Is there a herd immunity argument in favour of opening up now?

The proportion required to be vaccinated in order to achieve herd immunity differs according to the disease – for measles it is 95%, for polio 80%. Previous estimates suggest that such immunity for Covid would require between 60% and 70% of the population to be vaccinated (some estimates put the proportion even higher). For the UK alone, we are in the window, with around two-thirds of the adult population now having received two doses of the vaccine (though that figure drops to around 50% once we allow for children, who are not scheduled to receive the vaccine). But on a global basis we are nowhere near this. According to the respected website Our World in Data, only 24.4% of the world’s population has received one dose of the vaccine. So long as country borders remain open – even if only partially – the risk of cross-border transmission remains high.

A recent article in Nature suggested that herd immunity to Covid is now unlikely to be achieved and the epidemiology community is “moving away from the idea that we’ll hit the herd-immunity threshold and then the pandemic will go away for good.” As new variants emerge – much like the delta variant – and immunity begins to wane, the likelihood is that Covid will become an endemic disease in much the same way as flu. In this sense, at least, the UK government’s argument that we will have to live with Covid is consistent with scientific thinking. However, this is not an argument for ending all restrictions.

On the plus side, although cases are rising sharply, hospital admission and mortality rates have not. This provides strong support for the government’s argument that the vaccine programme has helped break the mortality link. Whether or not this remains the case cannot easily be predicted. The UK population is only partially vaccinated and virologists fear that ending restrictions in such an environment will create a breeding ground for new Covid variants. Even if the worst case does not arise, the medical evidence is clear: Avoid unnecessary exposure to Covid.

A recipe for economic chaos

It is perfectly understandable that parts of the hospitality industry want to get back to business as usual. But the wider economic costs of opening up are potentially significant. The government plans to scrap the working from home guidance and it will be up to employers to find an agreement with staff as to how the transition back to the workplace will be managed. However, the self-isolation rules requiring people to quarantine for 10 days in the event they come into contact with Covid will only be lifted on 16 August.
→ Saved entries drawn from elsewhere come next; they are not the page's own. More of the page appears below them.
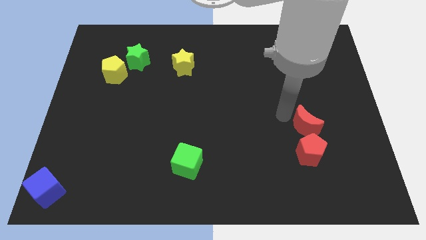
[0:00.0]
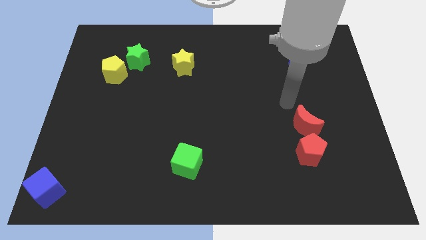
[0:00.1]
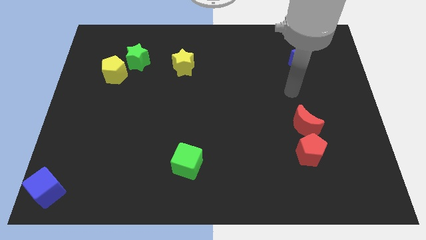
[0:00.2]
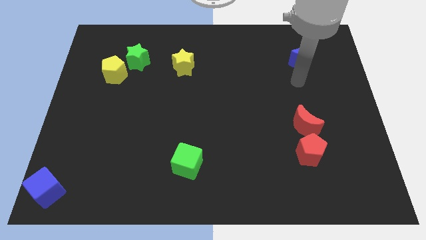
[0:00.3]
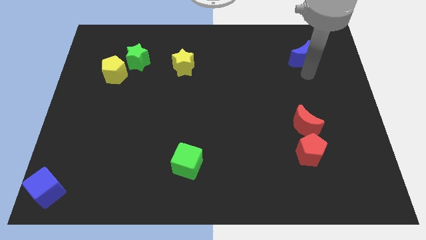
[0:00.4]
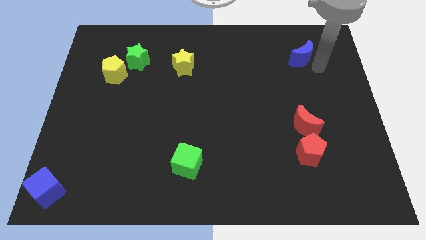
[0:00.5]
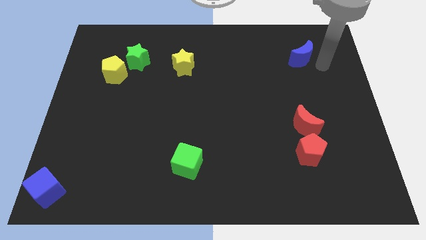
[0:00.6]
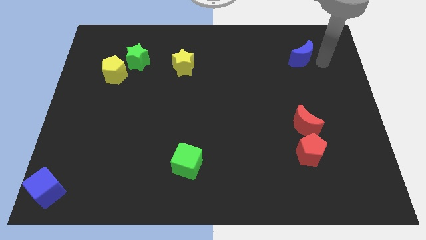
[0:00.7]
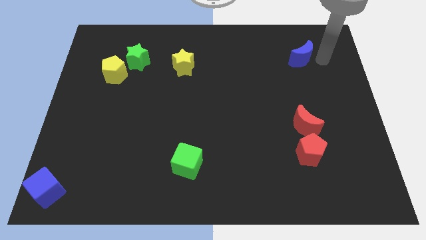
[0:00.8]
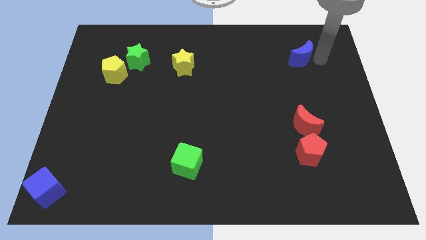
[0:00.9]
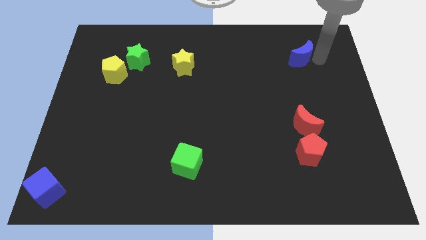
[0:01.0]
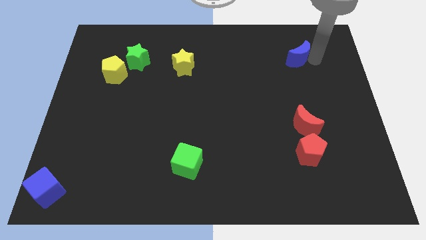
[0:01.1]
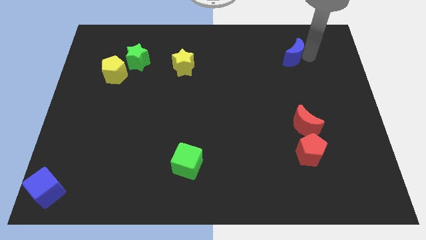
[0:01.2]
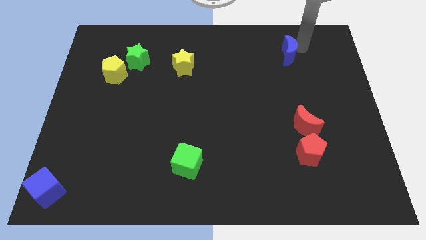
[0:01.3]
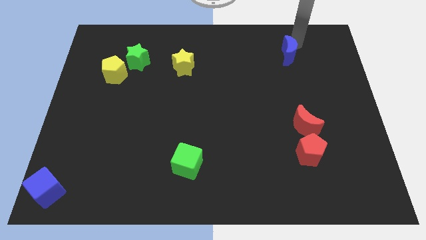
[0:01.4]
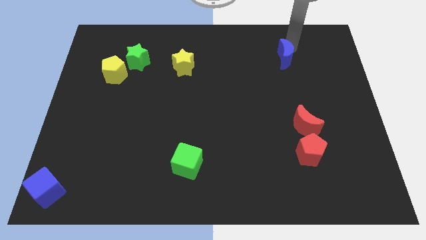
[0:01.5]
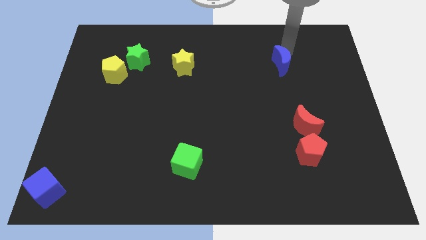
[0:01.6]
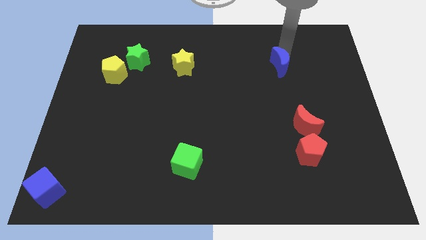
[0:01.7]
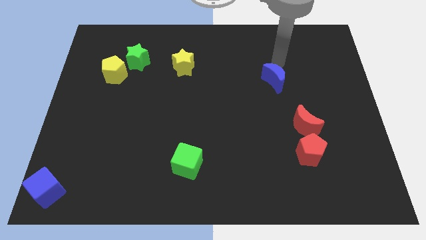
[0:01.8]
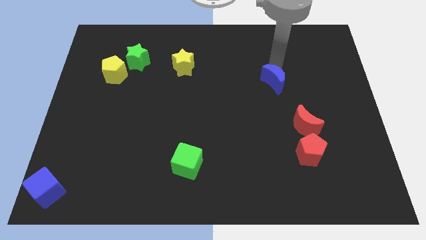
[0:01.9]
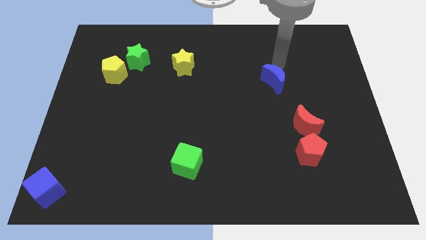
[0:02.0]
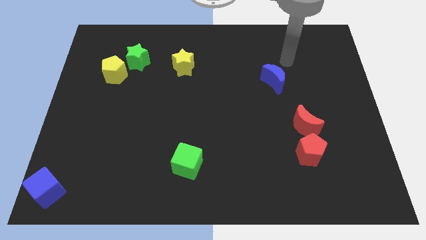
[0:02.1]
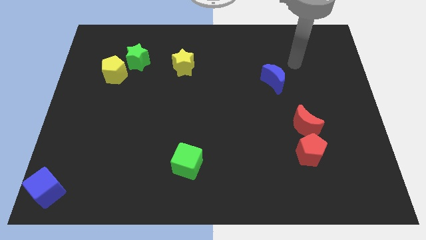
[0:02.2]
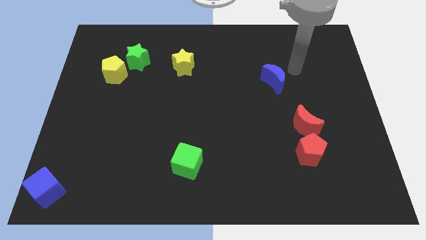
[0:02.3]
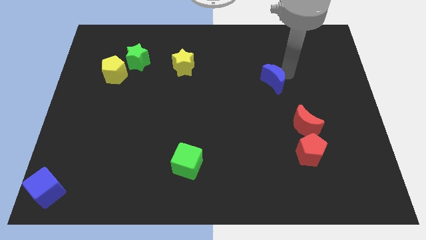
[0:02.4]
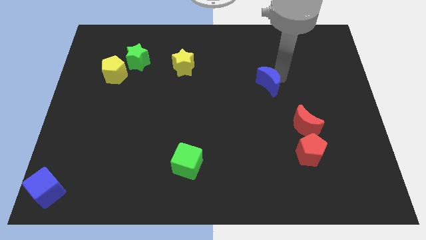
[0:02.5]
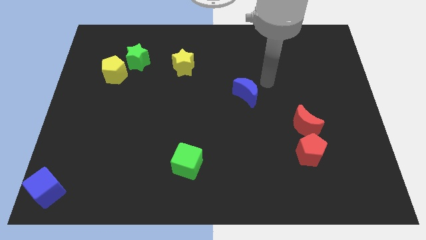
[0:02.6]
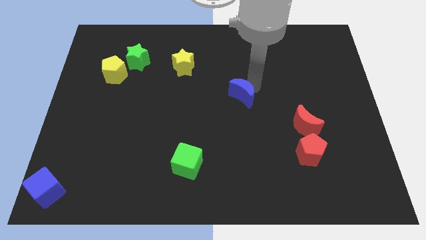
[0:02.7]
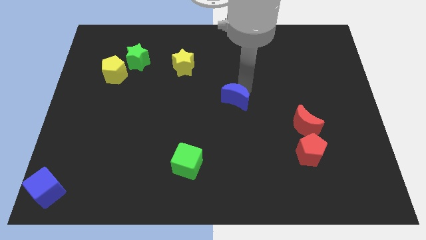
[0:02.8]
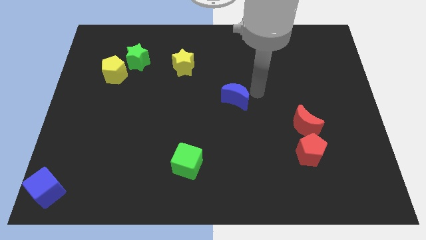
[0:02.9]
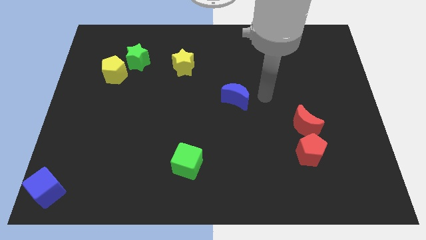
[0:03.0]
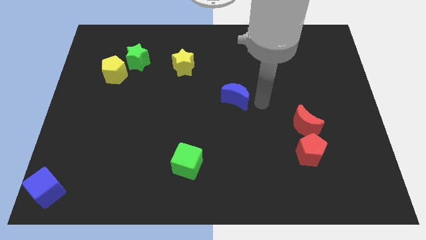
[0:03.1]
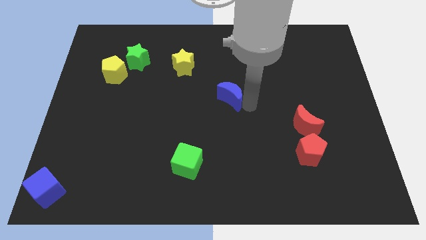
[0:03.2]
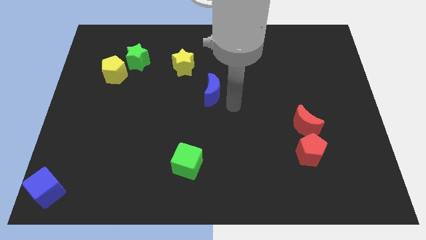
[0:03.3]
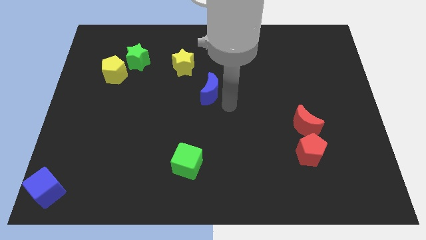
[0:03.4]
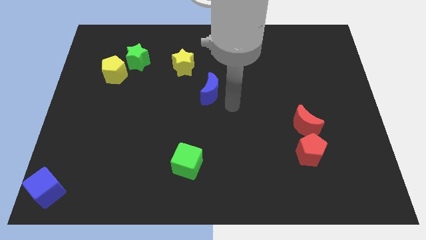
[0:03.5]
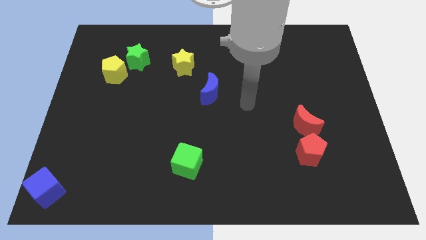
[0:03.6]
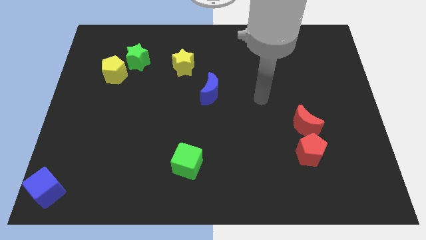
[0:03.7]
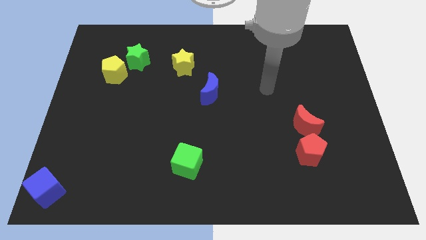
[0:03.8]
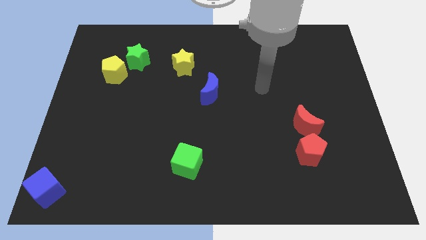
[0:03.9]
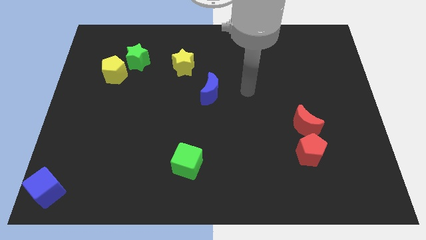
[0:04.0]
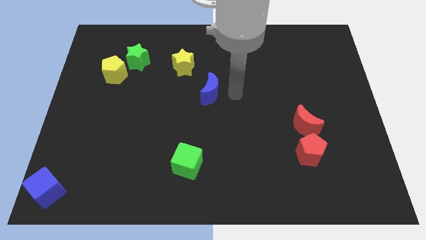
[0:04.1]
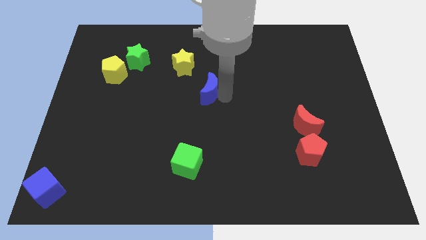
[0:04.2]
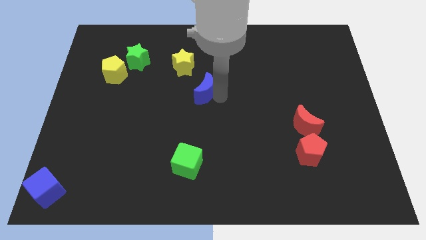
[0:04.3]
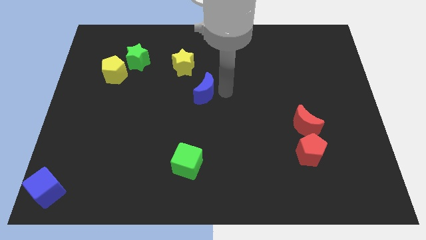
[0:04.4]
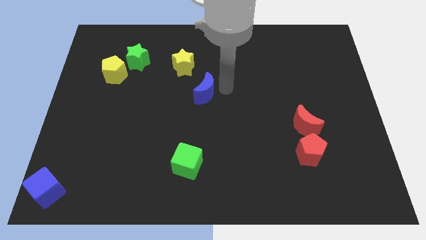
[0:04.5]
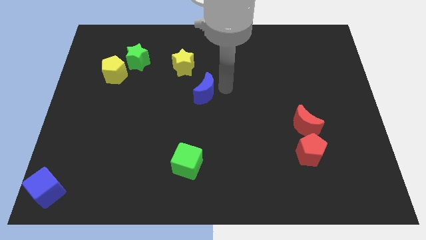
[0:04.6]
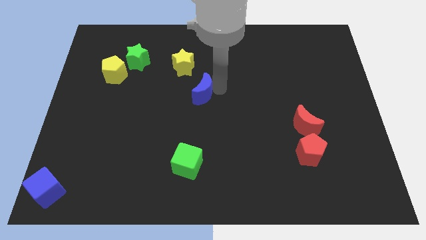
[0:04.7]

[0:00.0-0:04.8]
move the blue crescent to the center of the board

On the basis that two people are forced to isolate for every recorded case, 100,000 cases per day as per Sajid Javid’s suggestion, would result in 1.4 million people having to self-isolate in the second half of July and first half of August.

Even if the number of cases is “only” 50,000 per day, it still implies that 2% of those in employment will be affected which will have significant implications for businesses. It is likely that many employers will continue to allow their employees to work from home but there are many jobs where this is simply impossible (e.g. retail). There will thus be some very heated conversations between employers and employees about the appropriate time to return to work.

Last word

In some respects the government’s insistence on setting a date to end restrictions is reminiscent of the approach to the Brexit deadline: Announce the date; implement the policy and deal with the fallout later. But given the government’s past approach to Covid which has seen it criticised for being too slow in applying lockdowns and closing borders, not to mention the policy towards old-age care homes, it is reasonable that people are concerned about the consequences of opening up at a time of rising Covid cases. The government knows that it cannot afford to get this policy wrong. Many people’s lives literally depend on it.